Overview of genomically clustered isolates with indication of respiratory or non-respiratory source
RRT: rate of recent transmission;9 SNP, single nucleotide polymorphism. Genomically clustered isolates were identified sing a ≤5-SNP cut-off and including 41 patients in whom M. tuberculosis was cultured from both respiratory and non-respiratory sources, categorized as a respiratory source or pulmonary disease. Coloured dots indicate the following specimen sources: green respiratory, orange non-respiratory. A black halo identifies the specimen with the earliest collection date within a cluster, indicating likely temporality. The estimated RRT was calculated using the formula (N-C)/T∗100, where N is the number of clustered isolates (using a 5-SNP cut off), C the number of clusters and T the total number of isolates analyzed.9 See also Table S1 and Figure S1.
Discussion
This study presents the first comprehensive description of the demographic and genomic characteristics associated with M. tuberculosis strains isolated from respiratory and non-respiratory sources in a low incidence setting. Although most TB patients had pulmonary disease, nearly a third of cultures were recovered from non-respiratory specimens.
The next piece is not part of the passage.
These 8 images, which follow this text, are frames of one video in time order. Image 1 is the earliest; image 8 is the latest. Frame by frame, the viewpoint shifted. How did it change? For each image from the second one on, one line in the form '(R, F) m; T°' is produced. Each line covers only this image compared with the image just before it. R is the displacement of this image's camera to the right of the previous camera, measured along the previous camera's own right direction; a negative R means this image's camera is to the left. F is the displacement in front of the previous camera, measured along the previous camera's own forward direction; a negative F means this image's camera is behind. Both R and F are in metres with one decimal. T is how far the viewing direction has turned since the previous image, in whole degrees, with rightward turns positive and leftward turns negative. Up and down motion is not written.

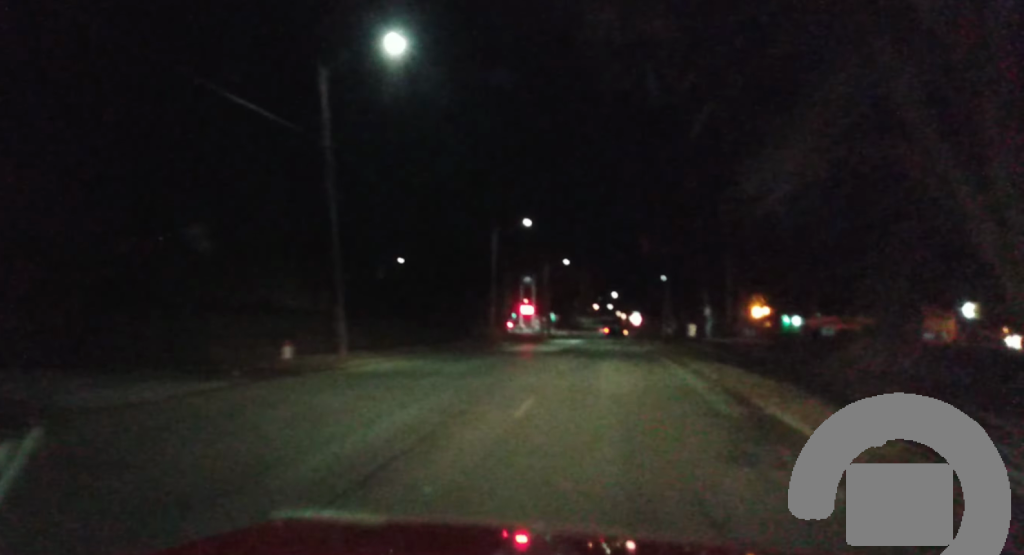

This is broadly similar to the PTB/EPTB case ratio observed in NSW and in global TB notification data.1,12 Although the early detection and effective treatment of PTB cases is important for disease control, accurate detection of diverse EPTB presentations is important for optimal patient outcomes and patient-centerd care. The diversity of sources from which M. tuberculosis were grown, reflects the broad range of clinical presentations and affected organs.2
The male predominance observed among TB cases is consistent with findings in other settings,3,5,12,13 although a greater proportion of non-respiratory specimens in our study were collected from female patients. It has been postulated that EPTB is likely to be more common in patients with HIV infection or other immunocompromising conditions, which preferentially affects women in some settings.14,15 However, the HIV-infection rate in our cohort was very low and did not support this viable explanation. It may be that women are inherently more vulnerable to develop extra-pulmonary TB,16,17 or alternatively, men could be predisposed to pulmonary disease due to intrinsic factors or behaviors such as cigarette smoking that is more common among men than women.18
A finding of particular interest is the fact that the PTB/EPTB ratio was highest among older adults (≥65 years), suggesting a potentially increased transmission risk within this age group. The over-representation of pulmonary cases among older adults has relevance for TB control efforts, particularly in regions with an aging population linked to global demographic shifts.19 This poses a particular challenge in areas with high TB prevalence and a rapidly aging population. These emerging patterns highlight the need for better tailored approaches to address the distinct challenges and risks associated with TB in older adults.20
Variations in the prevalence of M. tuberculosis strain lineages and sub-lineages across different anatomical sites may suggest strain-specific tropism or preferences for specific anatomical environments.6,21,22 For instance, there is a relative overrepresentation of lineage 2 strains and underrepresentation of lineage 3 strains in respiratory specimens, which is consistent with previous reports.22,23,24,25 Recognition of these lineage-specific trends may have clinical relevance if it provides insight into different pathogenesis or transmission patterns. The increased detection of mixed strain infections in non-respiratory isolates aligns with previous findings,26,27 which demonstrated that lymph nodes remain infected for prolonged periods of time, and that reinfecting strains often co-locate in the same lymph nodes or other extrapulmonary tissues that were previously infected.28
Respiratory specimens were more frequently associated with genomic transmission clusters, which is not unexpected given the respiratory route of M. tuberculosis transmission. Patients with non-respiratory isolates were mostly identified as “dead end” hosts, with no indication of onwards transmission, but in some instances patients with EPTB may have contributed to transmission. While EPTB cases are not regarded as major sources of infection,29,30 their occasional contribution to transmission warrants careful consideration. Pleural isolates were more commonly associated with transmission clusters, which suggest that pleural disease may be a proxy of lung involvement and potential transmission risk.31 More detailed assessment of the clinical phenotype and detailed epidemiological analysis is required to assess potential transmission risk from other non-respiratory specimens.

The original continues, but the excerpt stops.